This research establishes a foundation for understanding PCDS as a specific dementia syndrome.

Keywords: caudate, cerebello‐frontal network, cerebellum crus II, cerebellum VIII, dual cognitive and mobility decline, gray‐matter volume, physio‐cognitive decline syndrome, structural covariance, subcortical network, Diagnostic and Statistical Manual of Mental Disorders ‐ III‐ revised version (DSM‐III‐R)

1. INTRODUCTION

Physical functions, specifically handgrip strength and gait speed, and cognitive functions are the two critical domains to maintain healthy aging. Both functions naturally decline with age, which is a common aspect of the aging process. ¹ , ² , ³ However, some individuals experience accelerated declines in these functions compared to their age‐matched peers. Studies in the literature have increasingly demonstrated that older adults who undergo accelerated deterioration in both physical and cognitive functions face a greater risk of developing dementia compared to those who experience no decline in either domain or who experience decline in only one domain. ³ , ⁴ , ⁵ However, little is known about the pathophysiological changes that link the dual cognitive and mobility impairments with future dementia risk.

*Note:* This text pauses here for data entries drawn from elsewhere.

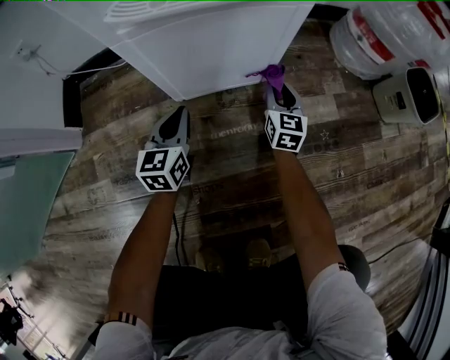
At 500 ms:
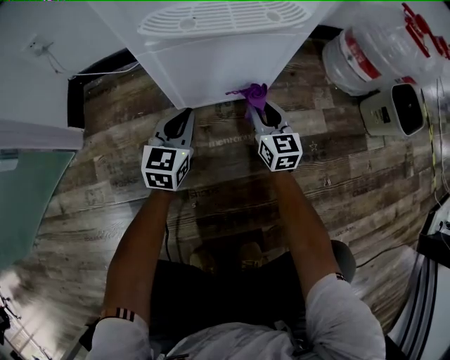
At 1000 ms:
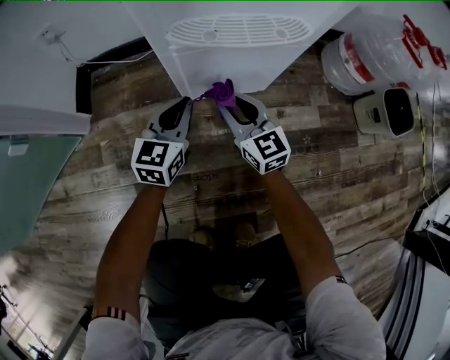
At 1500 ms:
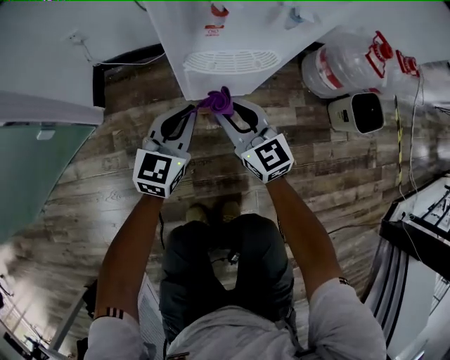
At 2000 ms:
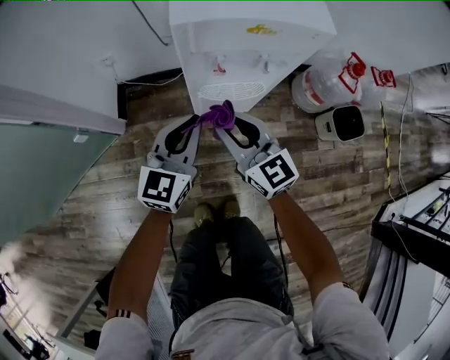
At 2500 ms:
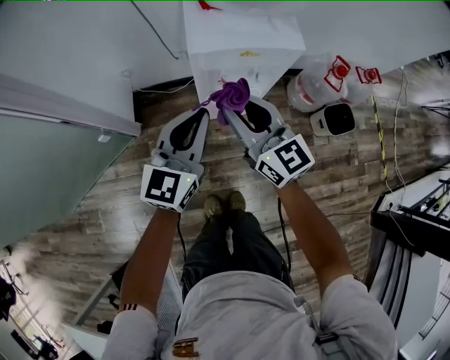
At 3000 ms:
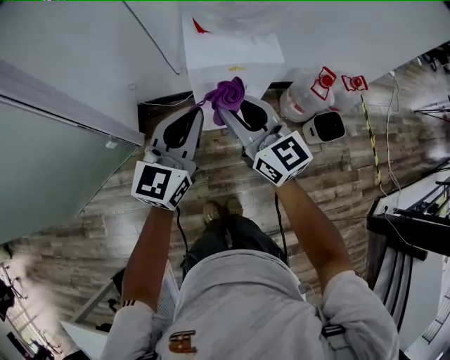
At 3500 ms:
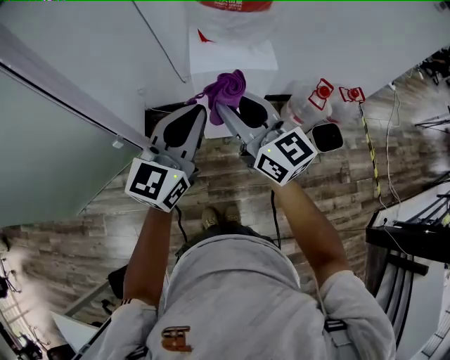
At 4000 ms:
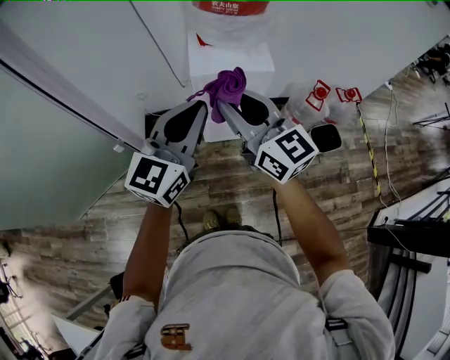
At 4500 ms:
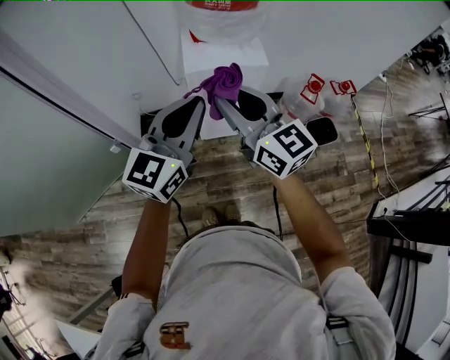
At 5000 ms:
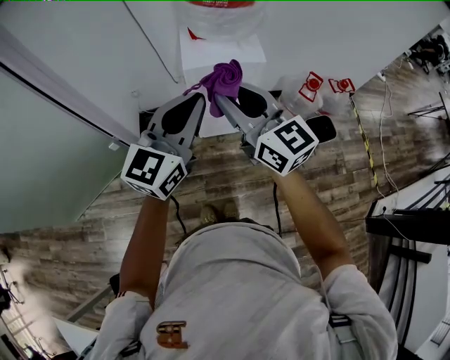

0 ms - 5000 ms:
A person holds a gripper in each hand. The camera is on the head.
0 ms - 2500 ms: Both grippers travel together upward, roughly 80 cm. The right gripper rotates roughly 40 degrees, while the left gripper changes its angle by roughly 20 degrees.
2500 ms - 5000 ms: The two grippers go roughly 20 cm upward and backward.

Physio‐cognitive decline syndrome (PCDS) is one of the clinical phenotypes to identify these at‐risk community‐dwelling older people with combined declines in physical‐mobility and cognitive functions. ³ , ⁶ It is characterized by simultaneous impairment in mobility without disability (referred to as MIND, which involves slow gait and/or weak handgrip but lacks disabling effects) and cognitive impairment without reaching the level of dementia (referred to as CIND, where cognitive performance falls at least 1.5 standard deviations [SDs] below the mean compared to age‐, sex‐, and education‐matched norms in any cognitive domain yet does not meet the criteria for dementia). Several cohort studies have revealed the prevalence of PCDS in the older community, including 13.3% in Taiwan, 11.2% in Japan, and 18.8% in Singapore. ⁷ , ⁸ , ⁹ , ¹⁰ These studies also showed that PCDS predicted incident dementia (hazard ratio [HR], 95% confidence interval [CI] = 3.4, 2.4 to 5.0) in older people. ⁷ , ⁸ , ⁹ , ¹⁰ In a previous neuroimaging study that cross‐sectionally analyzed brain structural changes in older people with PCDS, reductions in regional gray‐matter volume (GMV) were observed in the cerebellum, hippocampus, amygdala, thalamus, occipital lobe, and cingulate gyrus. ¹¹ Notably, these regions exhibited certain characteristics distinct from normal aging and neurodegenerative diseases such as Alzheimer's disease (AD). ¹² However, they did share similarities with areas showing GMV atrophy in older individuals experiencing mobility frailty, characterized by gait slowness or handgrip weakness. ¹³ The discovery of distinctive clinical trajectories and brain structural changes in PCDS has ignited hypotheses among our research team and other experts. ³ , ¹⁴ , ¹⁵ The co‐occurrence of physical mobility and cognitive decline, or mobility frailty‐related cognitive impairment, has raised intriguing possibilities that it might point to a distinct pathophysiological pathway to dementia.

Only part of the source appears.